Transtractor

Universal PDF Bank Statement Parsing

The Transtractor (Transaction Extractor) is a high-performance library for extracting transaction data from PDF bank statements. Built with Rust for speed and wrapped with a Python API for ease of use.

PyPI version Development Status Tests codecov License

Quick Start

Install from PyPI:

pip install transtractor

To parse a bank statement PDF and convert it to CSV:

from transtractor import Parser

# Initialise parser
parser = Parser()

# Convert PDF to CSV
parser.parse('statement.pdf').to_csv('statement.csv')

Writes:

date,description,amount,balance
2025-01-01,Transaction 1,50000.0,100000.0
2025-01-01,Transaction 2,-1000.0,99000.0
2025-01-01,Transaction 3,-10000.0,89000.0
2025-01-01,Transaction 4,1350.0,90350.0
2025-01-03,Transaction 5,-530.99,89819.01
2025-01-03,Transaction 6,1532.55,91351.56
2025-01-04,Transaction 7,-568.01,90783.55
2025-01-04,Transaction 8,-23.56,90759.99
...

Supported Banks

See the supported statements page for a full list of supported banks and statement formats.
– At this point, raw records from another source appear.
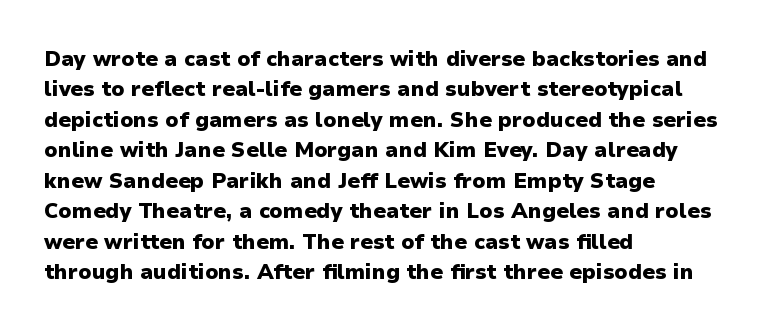
Notice how the stems are strictly vertical — no italics here. These words are printed bold, with thick strokes throughout. Leading: standard. You could call the tracking neutral — neither tight nor loose. The rendering anchors every line to the left-hand side. The words here are not underlined.
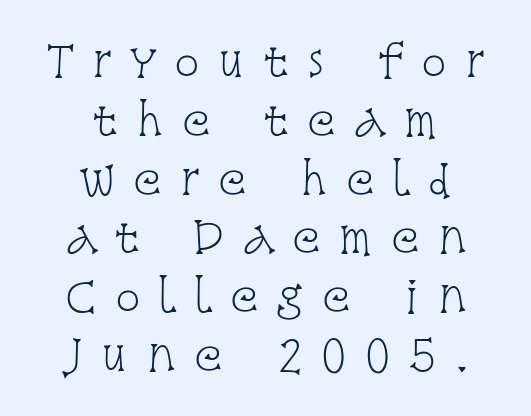
The image shows 42 px light, condensed serif type, upright; set centered, normal line spacing (1.4x), unusually wide letter spacing (+0.43 em), not underlined; low stroke contrast and a large x-height.
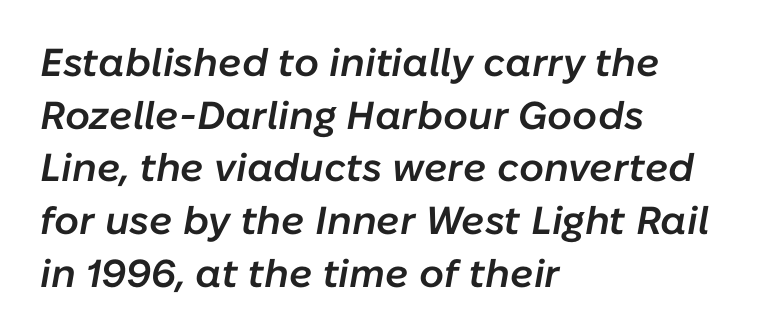
The image shows 39 px semibold type, italic (leaning right); set left-aligned, normal line spacing (1.35x), normal letter spacing, not underlined; low stroke contrast and a medium x-height.
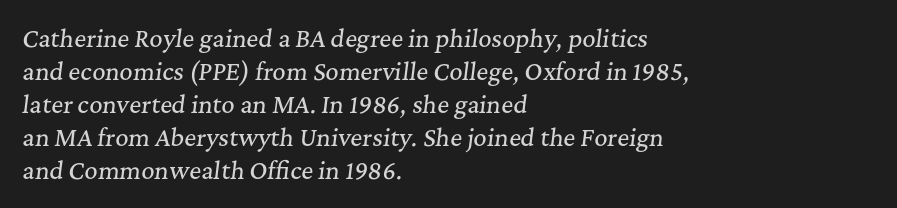
The image shows 23 px text type, italic (leaning right); set left-aligned, normal line spacing (1.44x), normal letter spacing, not underlined.
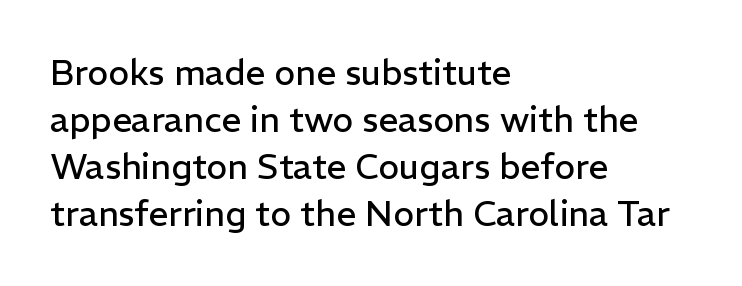
A roman cut, with each character standing at attention. Honestly, the row spacing looks completely unremarkable. Check the space under the baseline: it is left empty. Characters follow at the spacing the type designer built in.
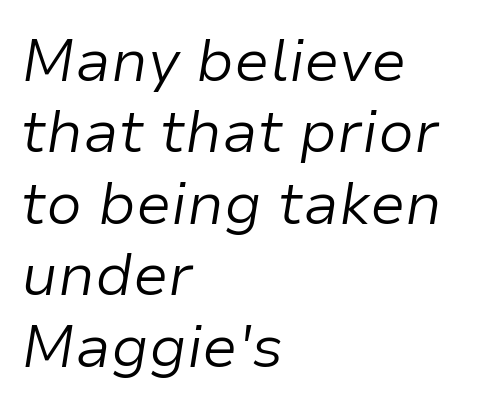
Q: Is the text bold? A: No.
Q: Is the text italic (slanted)? A: Yes, it leans right by about 9 degrees.
Q: Is the text underlined? A: No.
Q: How is the paragraph aligned? A: Left-aligned.
Q: Is the spacing between letters normal or unusually wide? A: Normal.
Q: Width (condensed, normal, or wide)? A: Normal.
Q: Stroke contrast? A: Low.
Q: x-height? A: Medium.
Q: Monospaced? A: No.
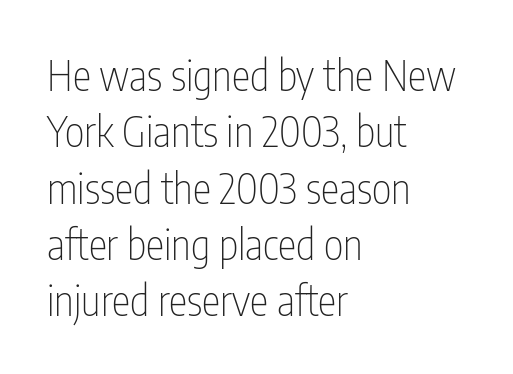
This rendering features lettering with no underline. Notice how the stems are strictly vertical — no italics here. The tracking reads as untouched default to a designer's eye. Each letter keeps its own natural width here, so spacing adapts to shape. Typeset ragged right — the left edge is the straight one.

If your bank is not supported, create your own configuration by following the guidelines and load it into the parser:

from transtractor import Parser

parser = Parser()
parser.load('path/to/your_bank_config.json')
parser.parse('your_statement.pdf').to_csv('output.csv')

Documentation

Community & Support

License

Transtractor is open source software licensed under the MIT License.